History of Thought HISTORY OF THOUGHT II

Tor: History of Though

Background
HOT I training has been held 12 times from 2002-2008. The purpose of the training is to realize the ideal formulated by Immanuel Kant of “Saspere Aude,” meaning “dare to know.” Kant encouraged each person to think independently and to account for his own opinions or decisions. In order to be effective in this, one needs to liberate the mind and use their imagination as a source of creativity that operates within a framework of logical reasoning. For this reason, we have HOT training focused on “Ideology and Ideological Critique.”

By understanding the context of these ideologies, and critiquing them, participants have the ability to understand the content contained within them. Achievements obtained within this stage of thought allow people to employ a certain way of thinking within the context of their daily lives. Critics observe ideologies that play a crucial role in life, and assess their potential impact of applied to their own lives. Ideology exists outside of ourselves, and we must assess its impact on our lives, and how it influences interactions among people. This is seen as a first step that will provide a sturdy foundation for the next stage of thinking. It is vital that people understand what actually moves all the events and activities that define and underlie society. Without such a foundation, people are too easily influenced by marketing techniques and other influences of modern society.
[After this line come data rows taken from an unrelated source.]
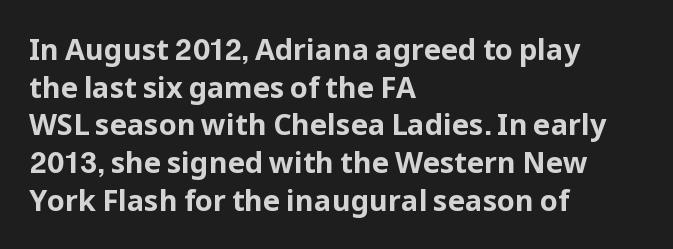
A typesetter would call this proportional, since set widths differ per character. Here the glyphs are tracked normally, forming tight word shapes. Pretty heavy lettering here — definitely bold. Each row of text sits above clean, open space. Nope, no serifs anywhere on these letters.
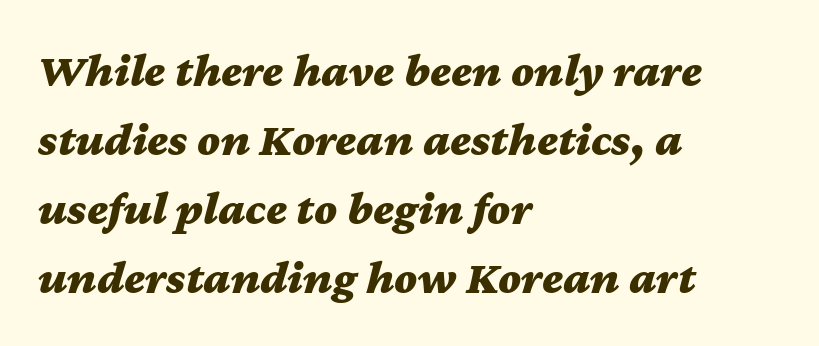
The image shows 48 px bold, wide type, italic (leaning right); set left-aligned, normal line spacing (1.44x), normal letter spacing, not underlined; medium stroke contrast and a medium x-height.
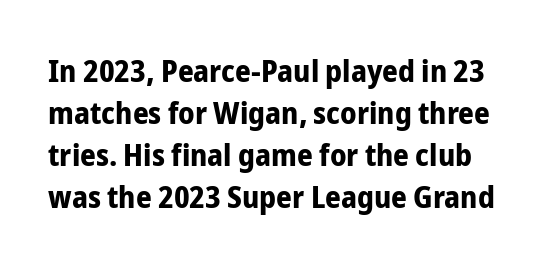
Q: Is the text bold? A: Yes.
Q: Is the text italic (slanted)? A: No, it is upright.
Q: Is the typeface a serif or a sans-serif typeface? A: Sans-serif.
Q: Is the text underlined? A: No.
Q: Is the spacing between letters normal or unusually wide? A: Normal.
Q: Is the spacing between lines tight, normal or loose? A: Normal.
Q: Width (condensed, normal, or wide)? A: Condensed.
Q: Stroke contrast? A: Low.
Q: x-height? A: Medium.
Q: Monospaced? A: No.
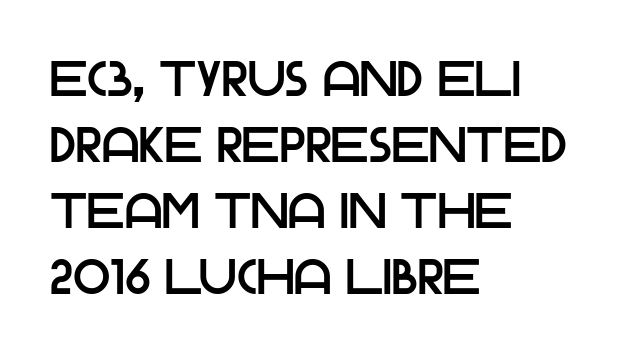
The image shows 49 px sans-serif type, upright; set left-aligned, normal line spacing (1.35x), normal letter spacing, not underlined; low stroke contrast and a large x-height.
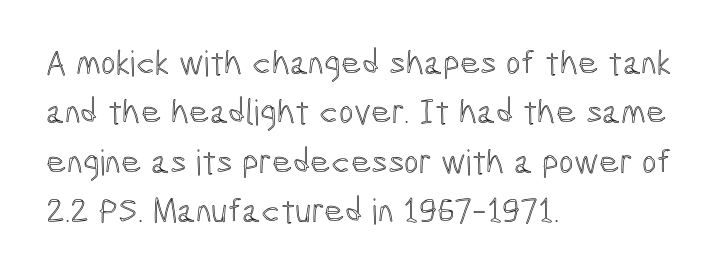
Nothing unusual about the tracking: characters are spaced as the font intends. This sample has the flowing, uneven cadence of proportional lettering. It's the straight-up-and-down kind of type. Interline gaps are of average width in this sample. Each line starts at the same left margin while the right side varies. The words here are not underlined.
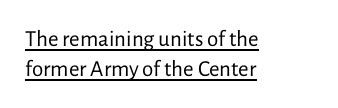
The image shows 23 px text type, upright; set left-aligned, normal line spacing (1.3x), normal letter spacing, underlined.
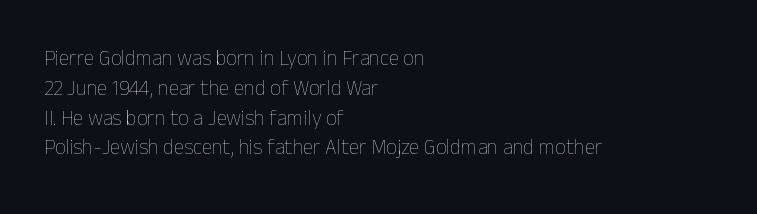
The image shows 21 px text type, upright; set left-aligned, normal line spacing (1.42x), normal letter spacing, not underlined.
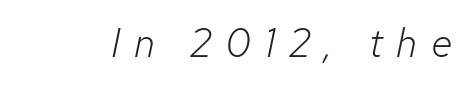
Inter-character spacing is expanded well beyond the font's built-in metrics. Think of a printed novel: that variable character pitch is what you see here. Yep, that's italic — everything's leaning. Descenders hang freely into open space. Stroke thickness stays within the range of a standard reading face or lighter.

Stopping at this level, however, would not allow one to provide results and solutions to the problems assessed. Although this ability itself is very important and useful, there are few guidelines that can be used for concrete action. To determine guidelines for action, one needs to be assertive, and find their position on the chessboard of life. Self-confirmation of this position is what one might call self-affirmation, the basic attitude with which one approaches life. So, rather than just adopting the basic attitudes held by society, one must develop a sense of self-affirmation that can be flexible when it meets a changing society or a different context, and not stagnate in light of change. Self-affirmation is not set in stone, and changes usually occur during monumental moments of one’s life.

Self -affirmation can only be achieved by asking questions such as, “who do I want to be in life?” and “what kind of self do I want to reiterate in society?” One’s sense of self is not created in a vacuum, but from a culmination of life experiences. These questions are not easily or quickly answered. A little reflection will show that I am very dependent on the past events of my life to answer these questions. I am who I am because of the history of my life, also because of my social context and environment. If we consider the elements within me that make me who I am, the emotional element, beliefs, intellectual, aesthetic, moral, physical, material, etc, all of these things are the result of my interactions with the environment and the formation of my history. These elements become intertwined and are not necessarily easily separated from one another.

Therefore, to provide the basis for self-affirmation and attitude, and to provide a forum for talking about these issues in-depth, we have designed and implemented SATUNAMA HOT II in order to deepen solutions to this problem, and establish a greater sense of self.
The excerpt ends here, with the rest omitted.